In April 2005, Grand Ayatollah Ali al-Sistani declared that homosexuals should be killed in the “worst, most severe way.” (This presumably in accordance with the hadith, “Kill the one that is doing it and also kill the one that it is being done to,” closely comparable to the Biblical injunction in Leviticus 20:13 championed by some in the U.S. Christian religious right.) The Badr Corps, military wing of the of the Supreme Council for the Islamic Revolution (SCIRI) in Iraq well represented in the regime midwifed by the occupation, is among the militia tracking down and brutally murdering gay men and boys. Last month, following the murder of a 14-year-old boy-prostitute by the Iraqi police, al-Sistani removed the anti-gay male fatwa from his website (retaining one against lesbians). Not that this will necessarily change the militiamen’s behavior towards gays.
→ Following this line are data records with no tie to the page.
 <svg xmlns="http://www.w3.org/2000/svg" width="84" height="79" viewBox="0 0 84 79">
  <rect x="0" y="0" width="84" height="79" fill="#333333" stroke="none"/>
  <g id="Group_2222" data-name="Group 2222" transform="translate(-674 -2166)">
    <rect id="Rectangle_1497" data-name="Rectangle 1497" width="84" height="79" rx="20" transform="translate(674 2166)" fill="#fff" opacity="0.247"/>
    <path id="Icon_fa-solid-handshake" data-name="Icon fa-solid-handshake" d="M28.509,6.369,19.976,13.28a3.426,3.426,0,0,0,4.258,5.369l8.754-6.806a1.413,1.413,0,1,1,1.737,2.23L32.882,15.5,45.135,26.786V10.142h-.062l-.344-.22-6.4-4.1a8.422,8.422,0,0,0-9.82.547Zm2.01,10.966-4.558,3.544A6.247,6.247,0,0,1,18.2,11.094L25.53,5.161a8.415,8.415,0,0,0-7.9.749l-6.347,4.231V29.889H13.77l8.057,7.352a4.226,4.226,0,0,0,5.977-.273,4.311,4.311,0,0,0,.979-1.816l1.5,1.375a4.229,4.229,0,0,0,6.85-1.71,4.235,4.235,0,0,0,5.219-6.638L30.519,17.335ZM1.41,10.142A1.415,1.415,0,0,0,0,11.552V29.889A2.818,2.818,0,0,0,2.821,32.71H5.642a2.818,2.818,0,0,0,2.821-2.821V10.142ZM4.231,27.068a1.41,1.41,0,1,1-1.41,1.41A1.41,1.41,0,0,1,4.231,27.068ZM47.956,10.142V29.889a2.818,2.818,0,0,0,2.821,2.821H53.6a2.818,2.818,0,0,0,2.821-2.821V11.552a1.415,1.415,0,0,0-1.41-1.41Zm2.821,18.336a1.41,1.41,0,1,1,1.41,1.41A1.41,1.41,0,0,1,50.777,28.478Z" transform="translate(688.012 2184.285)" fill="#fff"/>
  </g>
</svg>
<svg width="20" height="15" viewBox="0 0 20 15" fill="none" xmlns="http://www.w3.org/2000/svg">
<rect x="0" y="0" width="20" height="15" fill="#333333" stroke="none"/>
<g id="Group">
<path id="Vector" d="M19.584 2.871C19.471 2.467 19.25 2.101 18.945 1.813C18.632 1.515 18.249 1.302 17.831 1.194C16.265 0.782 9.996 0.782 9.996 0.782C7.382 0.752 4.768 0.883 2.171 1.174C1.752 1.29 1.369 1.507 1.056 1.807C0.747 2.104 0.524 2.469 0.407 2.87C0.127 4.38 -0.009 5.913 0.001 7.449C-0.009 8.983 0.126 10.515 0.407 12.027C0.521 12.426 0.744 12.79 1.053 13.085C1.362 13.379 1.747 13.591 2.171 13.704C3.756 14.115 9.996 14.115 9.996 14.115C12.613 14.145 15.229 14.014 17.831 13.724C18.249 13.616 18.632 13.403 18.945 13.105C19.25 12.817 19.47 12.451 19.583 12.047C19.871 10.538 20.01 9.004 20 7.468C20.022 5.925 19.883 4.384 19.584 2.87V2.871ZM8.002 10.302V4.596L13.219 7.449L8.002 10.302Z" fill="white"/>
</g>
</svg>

Al-Sistani is of course viewed by the occupiers as an ally of sorts, since he has discouraged armed resistance and commands the respect of the SCIRI and other Shiite politicians dominating what President Bush wants to call an independent, democratic new country. So while officially “troubled” by the bourgeoning misogyny, religious intolerance, anti-intellectual and homophobic plagues unleashed by the illegal overthrow of the former regime, U.S. spokespersons can’t attack too squarely the Muslim fundamentalist repression exercised by their sometimes allies.
“If someone is in danger of being slaughtered or persecuted, we do all we can to stop it,” says Army Maj. Joseph Todd Breasseale, chief of the Media Relations Division of the Multinational Corps in Iraq. In other words, the U.S. military, which officially regards bans gays who are out unsuitable for military service, does want to stop the slaughter of Iraqi gays. But he adds:
“It doesn’t make a whole lot of sense, when we’re in a fledgling time like this, to go in and say, ‘Here’s these issues that are going to repel 80 percent of the population and this is what we want to inflict on you.’ We’re trying not to get into too many values judgment type issues and just do the right thing.” That’s what Breasseale told the Washington Blade, the capital’s GLBT newspaper.
So let me get this straight. In this “fledgling time,” while the primordial chaos of the criminal invasion still prevails, the occupiers -- bogged down in suppressing resistance to their presence, slaughtering civilians in the process -- haven’t much wherewithal to prevent other, indigenous Iraqi slaughter. The latter can be attributed, with anthropological indifference, to age-old Muslim culture. The occupiers have better things to do than to “get into” the “values judgment issue” of shooting 14-year-old gay boys, especially if 80% of the population has no problem with that. That’d be “inflicting” somebody else’s values (although not, apparently, the Major’s), and that just wouldn’t make sense, would it?
So doing the “right thing” must mean doing something else: publicly acknowledging that gay people shouldn’t be murdered, probably, and it’s not the occupiers’ policy that they should be. But, hey, this is the Iraqis’ business. At least they’re free now.